* What you should do: A complete, word-for-word restatement of the entries is needed.

* Data extracts:
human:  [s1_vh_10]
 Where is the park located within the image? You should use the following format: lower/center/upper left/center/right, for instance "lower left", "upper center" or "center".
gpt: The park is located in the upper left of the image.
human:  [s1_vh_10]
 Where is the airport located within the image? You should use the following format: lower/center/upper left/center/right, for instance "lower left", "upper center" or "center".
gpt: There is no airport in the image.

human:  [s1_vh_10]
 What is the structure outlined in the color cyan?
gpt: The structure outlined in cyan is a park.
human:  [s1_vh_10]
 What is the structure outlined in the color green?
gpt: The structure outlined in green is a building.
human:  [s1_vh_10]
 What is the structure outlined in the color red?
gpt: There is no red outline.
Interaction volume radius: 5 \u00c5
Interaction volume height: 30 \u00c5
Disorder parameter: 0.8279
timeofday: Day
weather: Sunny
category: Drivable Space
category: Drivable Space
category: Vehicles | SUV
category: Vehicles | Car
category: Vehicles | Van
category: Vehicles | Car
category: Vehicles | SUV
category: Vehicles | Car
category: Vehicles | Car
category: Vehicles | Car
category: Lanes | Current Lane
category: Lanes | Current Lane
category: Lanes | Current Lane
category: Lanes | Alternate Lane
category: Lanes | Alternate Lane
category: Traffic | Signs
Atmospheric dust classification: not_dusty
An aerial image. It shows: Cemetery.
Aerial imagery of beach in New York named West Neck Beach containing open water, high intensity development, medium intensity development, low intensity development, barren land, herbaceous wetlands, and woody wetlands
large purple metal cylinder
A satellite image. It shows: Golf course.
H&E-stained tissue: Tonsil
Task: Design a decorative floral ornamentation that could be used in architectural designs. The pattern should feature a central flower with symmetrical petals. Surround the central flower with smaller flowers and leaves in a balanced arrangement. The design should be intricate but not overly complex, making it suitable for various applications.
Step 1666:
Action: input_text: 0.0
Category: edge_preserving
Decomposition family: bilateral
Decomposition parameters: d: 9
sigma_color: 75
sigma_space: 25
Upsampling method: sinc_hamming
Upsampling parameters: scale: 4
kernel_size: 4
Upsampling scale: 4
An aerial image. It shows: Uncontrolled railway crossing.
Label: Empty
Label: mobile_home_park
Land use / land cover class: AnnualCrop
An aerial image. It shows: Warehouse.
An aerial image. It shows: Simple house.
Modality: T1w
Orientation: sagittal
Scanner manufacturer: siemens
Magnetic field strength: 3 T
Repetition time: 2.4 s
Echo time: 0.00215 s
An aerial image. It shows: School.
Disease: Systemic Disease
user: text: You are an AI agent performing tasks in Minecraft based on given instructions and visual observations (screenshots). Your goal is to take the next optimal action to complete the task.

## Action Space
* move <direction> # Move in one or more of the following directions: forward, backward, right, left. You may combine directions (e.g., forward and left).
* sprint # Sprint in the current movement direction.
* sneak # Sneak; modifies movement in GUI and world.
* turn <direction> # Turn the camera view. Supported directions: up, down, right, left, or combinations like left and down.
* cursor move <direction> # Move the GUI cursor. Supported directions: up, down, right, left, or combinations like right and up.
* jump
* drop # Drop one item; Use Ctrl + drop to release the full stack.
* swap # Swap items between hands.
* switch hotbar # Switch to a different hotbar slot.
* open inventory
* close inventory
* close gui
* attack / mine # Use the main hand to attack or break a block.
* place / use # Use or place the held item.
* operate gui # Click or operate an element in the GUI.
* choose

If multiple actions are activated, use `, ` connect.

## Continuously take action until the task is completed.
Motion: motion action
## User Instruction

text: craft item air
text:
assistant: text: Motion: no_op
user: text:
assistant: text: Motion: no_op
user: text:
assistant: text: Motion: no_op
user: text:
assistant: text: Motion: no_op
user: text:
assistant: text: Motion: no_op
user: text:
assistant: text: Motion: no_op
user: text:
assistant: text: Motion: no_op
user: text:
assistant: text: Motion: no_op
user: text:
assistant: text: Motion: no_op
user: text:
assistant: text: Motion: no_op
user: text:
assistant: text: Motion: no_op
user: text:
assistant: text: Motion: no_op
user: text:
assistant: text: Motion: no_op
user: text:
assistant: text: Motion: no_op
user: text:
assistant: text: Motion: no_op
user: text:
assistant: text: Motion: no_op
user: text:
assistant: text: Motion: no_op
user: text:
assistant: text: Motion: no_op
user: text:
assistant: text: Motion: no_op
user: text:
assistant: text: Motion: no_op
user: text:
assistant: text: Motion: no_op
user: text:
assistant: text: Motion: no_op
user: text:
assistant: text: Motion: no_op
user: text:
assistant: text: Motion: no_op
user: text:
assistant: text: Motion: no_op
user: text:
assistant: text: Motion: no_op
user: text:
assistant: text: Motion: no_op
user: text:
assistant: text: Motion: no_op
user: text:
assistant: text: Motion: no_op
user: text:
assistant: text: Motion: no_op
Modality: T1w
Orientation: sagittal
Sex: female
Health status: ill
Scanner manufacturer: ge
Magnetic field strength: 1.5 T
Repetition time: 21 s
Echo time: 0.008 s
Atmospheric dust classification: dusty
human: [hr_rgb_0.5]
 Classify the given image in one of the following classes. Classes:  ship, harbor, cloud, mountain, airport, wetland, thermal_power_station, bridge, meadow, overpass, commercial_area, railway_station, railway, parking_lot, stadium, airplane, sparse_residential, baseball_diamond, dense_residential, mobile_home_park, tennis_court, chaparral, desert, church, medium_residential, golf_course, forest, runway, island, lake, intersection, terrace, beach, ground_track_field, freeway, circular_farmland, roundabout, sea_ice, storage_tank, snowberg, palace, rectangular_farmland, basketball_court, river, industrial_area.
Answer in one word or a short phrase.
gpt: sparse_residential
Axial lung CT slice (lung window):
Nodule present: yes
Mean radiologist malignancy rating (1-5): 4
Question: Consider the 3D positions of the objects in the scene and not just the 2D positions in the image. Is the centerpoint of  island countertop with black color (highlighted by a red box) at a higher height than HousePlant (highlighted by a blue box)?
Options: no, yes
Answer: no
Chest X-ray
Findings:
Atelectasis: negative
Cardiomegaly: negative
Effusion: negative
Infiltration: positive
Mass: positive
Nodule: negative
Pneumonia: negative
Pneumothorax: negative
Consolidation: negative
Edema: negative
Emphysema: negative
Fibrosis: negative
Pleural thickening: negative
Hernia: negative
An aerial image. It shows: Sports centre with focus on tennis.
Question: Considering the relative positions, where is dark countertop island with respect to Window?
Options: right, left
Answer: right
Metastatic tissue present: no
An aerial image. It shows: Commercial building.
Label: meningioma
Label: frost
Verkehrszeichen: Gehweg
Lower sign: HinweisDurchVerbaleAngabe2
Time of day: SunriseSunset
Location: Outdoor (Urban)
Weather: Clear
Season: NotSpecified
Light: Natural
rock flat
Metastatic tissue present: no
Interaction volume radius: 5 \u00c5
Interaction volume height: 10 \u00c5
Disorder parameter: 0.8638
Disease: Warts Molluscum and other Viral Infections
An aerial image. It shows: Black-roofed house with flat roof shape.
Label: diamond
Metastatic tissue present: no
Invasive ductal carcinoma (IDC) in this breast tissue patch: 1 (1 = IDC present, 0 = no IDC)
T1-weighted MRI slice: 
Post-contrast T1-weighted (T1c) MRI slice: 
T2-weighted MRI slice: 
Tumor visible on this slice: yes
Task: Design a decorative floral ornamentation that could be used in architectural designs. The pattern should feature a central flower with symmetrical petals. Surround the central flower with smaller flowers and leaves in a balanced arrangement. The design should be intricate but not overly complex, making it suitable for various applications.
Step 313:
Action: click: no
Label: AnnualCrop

* Answer to the problem:
human:  [s1_vh_10]
 Where is the park located within the image? You should use the following format: lower/center/upper left/center/right, for instance "lower left", "upper center" or "center".
gpt: The park is located in the upper left of the image.
human:  [s1_vh_10]
 Where is the airport located within the image? You should use the following format: lower/center/upper left/center/right, for instance "lower left", "upper center" or "center".
gpt: There is no airport in the image.

human:  [s1_vh_10]
 What is the structure outlined in the color cyan?
gpt: The structure outlined in cyan is a park.
human:  [s1_vh_10]
 What is the structure outlined in the color green?
gpt: The structure outlined in green is a building.
human:  [s1_vh_10]
 What is the structure outlined in the color red?
gpt: There is no red outline.
Interaction volume radius: 5 \u00c5
Interaction volume height: 30 \u00c5
Disorder parameter: 0.8279
timeofday: Day
weather: Sunny
category: Drivable Space
category: Drivable Space
category: Vehicles | SUV
category: Vehicles | Car
category: Vehicles | Van
category: Vehicles | Car
category: Vehicles | SUV
category: Vehicles | Car
category: Vehicles | Car
category: Vehicles | Car
category: Lanes | Current Lane
category: Lanes | Current Lane
category: Lanes | Current Lane
category: Lanes | Alternate Lane
category: Lanes | Alternate Lane
category: Traffic | Signs
Atmospheric dust classification: not_dusty
An aerial image. It shows: Cemetery.
Aerial imagery of beach in New York named West Neck Beach containing open water, high intensity development, medium intensity development, low intensity development, barren land, herbaceous wetlands, and woody wetlands
large purple metal cylinder
A satellite image. It shows: Golf course.
H&E-stained tissue: Tonsil
Task: Design a decorative floral ornamentation that could be used in architectural designs. The pattern should feature a central flower with symmetrical petals. Surround the central flower with smaller flowers and leaves in a balanced arrangement. The design should be intricate but not overly complex, making it suitable for various applications.
Step 1666:
Action: input_text: 0.0
Category: edge_preserving
Decomposition family: bilateral
Decomposition parameters: d: 9
sigma_color: 75
sigma_space: 25
Upsampling method: sinc_hamming
Upsampling parameters: scale: 4
kernel_size: 4
Upsampling scale: 4
An aerial image. It shows: Uncontrolled railway crossing.
Label: Empty
Label: mobile_home_park
Land use / land cover class: AnnualCrop
An aerial image. It shows: Warehouse.
An aerial image. It shows: Simple house.
Modality: T1w
Orientation: sagittal
Scanner manufacturer: siemens
Magnetic field strength: 3 T
Repetition time: 2.4 s
Echo time: 0.00215 s
An aerial image. It shows: School.
Disease: Systemic Disease
user: text: You are an AI agent performing tasks in Minecraft based on given instructions and visual observations (screenshots). Your goal is to take the next optimal action to complete the task.

## Action Space
* move <direction> # Move in one or more of the following directions: forward, backward, right, left. You may combine directions (e.g., forward and left).
* sprint # Sprint in the current movement direction.
* sneak # Sneak; modifies movement in GUI and world.
* turn <direction> # Turn the camera view. Supported directions: up, down, right, left, or combinations like left and down.
* cursor move <direction> # Move the GUI cursor. Supported directions: up, down, right, left, or combinations like right and up.
* jump
* drop # Drop one item; Use Ctrl + drop to release the full stack.
* swap # Swap items between hands.
* switch hotbar # Switch to a different hotbar slot.
* open inventory
* close inventory
* close gui
* attack / mine # Use the main hand to attack or break a block.
* place / use # Use or place the held item.
* operate gui # Click or operate an element in the GUI.
* choose

If multiple actions are activated, use `, ` connect.

## Continuously take action until the task is completed.
Motion: motion action
## User Instruction

text: craft item air
text:
assistant: text: Motion: no_op
user: text:
assistant: text: Motion: no_op
user: text:
assistant: text: Motion: no_op
user: text:
assistant: text: Motion: no_op
user: text:
assistant: text: Motion: no_op
user: text:
assistant: text: Motion: no_op
user: text:
assistant: text: Motion: no_op
user: text:
assistant: text: Motion: no_op
user: text:
assistant: text: Motion: no_op
user: text:
assistant: text: Motion: no_op
user: text:
assistant: text: Motion: no_op
user: text:
assistant: text: Motion: no_op
user: text:
assistant: text: Motion: no_op
user: text:
assistant: text: Motion: no_op
user: text:
assistant: text: Motion: no_op
user: text:
assistant: text: Motion: no_op
user: text:
assistant: text: Motion: no_op
user: text:
assistant: text: Motion: no_op
user: text:
assistant: text: Motion: no_op
user: text:
assistant: text: Motion: no_op
user: text:
assistant: text: Motion: no_op
user: text:
assistant: text: Motion: no_op
user: text:
assistant: text: Motion: no_op
user: text:
assistant: text: Motion: no_op
user: text:
assistant: text: Motion: no_op
user: text:
assistant: text: Motion: no_op
user: text:
assistant: text: Motion: no_op
user: text:
assistant: text: Motion: no_op
user: text:
assistant: text: Motion: no_op
user: text:
assistant: text: Motion: no_op
Modality: T1w
Orientation: sagittal
Sex: female
Health status: ill
Scanner manufacturer: ge
Magnetic field strength: 1.5 T
Repetition time: 21 s
Echo time: 0.008 s
Atmospheric dust classification: dusty
human: [hr_rgb_0.5]
 Classify the given image in one of the following classes. Classes:  ship, harbor, cloud, mountain, airport, wetland, thermal_power_station, bridge, meadow, overpass, commercial_area, railway_station, railway, parking_lot, stadium, airplane, sparse_residential, baseball_diamond, dense_residential, mobile_home_park, tennis_court, chaparral, desert, church, medium_residential, golf_course, forest, runway, island, lake, intersection, terrace, beach, ground_track_field, freeway, circular_farmland, roundabout, sea_ice, storage_tank, snowberg, palace, rectangular_farmland, basketball_court, river, industrial_area.
Answer in one word or a short phrase.
gpt: sparse_residential
Axial lung CT slice (lung window):
Nodule present: yes
Mean radiologist malignancy rating (1-5): 4
Question: Consider the 3D positions of the objects in the scene and not just the 2D positions in the image. Is the centerpoint of  island countertop with black color (highlighted by a red box) at a higher height than HousePlant (highlighted by a blue box)?
Options: no, yes
Answer: no
Chest X-ray
Findings:
Atelectasis: negative
Cardiomegaly: negative
Effusion: negative
Infiltration: positive
Mass: positive
Nodule: negative
Pneumonia: negative
Pneumothorax: negative
Consolidation: negative
Edema: negative
Emphysema: negative
Fibrosis: negative
Pleural thickening: negative
Hernia: negative
An aerial image. It shows: Sports centre with focus on tennis.
Question: Considering the relative positions, where is dark countertop island with respect to Window?
Options: right, left
Answer: right
Metastatic tissue present: no
An aerial image. It shows: Commercial building.
Label: meningioma
Label: frost
Verkehrszeichen: Gehweg
Lower sign: HinweisDurchVerbaleAngabe2
Time of day: SunriseSunset
Location: Outdoor (Urban)
Weather: Clear
Season: NotSpecified
Light: Natural
rock flat
Metastatic tissue present: no
Interaction volume radius: 5 \u00c5
Interaction volume height: 10 \u00c5
Disorder parameter: 0.8638
Disease: Warts Molluscum and other Viral Infections
An aerial image. It shows: Black-roofed house with flat roof shape.
Label: diamond
Metastatic tissue present: no
Invasive ductal carcinoma (IDC) in this breast tissue patch: 1 (1 = IDC present, 0 = no IDC)
T1-weighted MRI slice: 
Post-contrast T1-weighted (T1c) MRI slice: 
T2-weighted MRI slice: 
Tumor visible on this slice: yes
Task: Design a decorative floral ornamentation that could be used in architectural designs. The pattern should feature a central flower with symmetrical petals. Surround the central flower with smaller flowers and leaves in a balanced arrangement. The design should be intricate but not overly complex, making it suitable for various applications.
Step 313:
Action: click: no
Label: AnnualCrop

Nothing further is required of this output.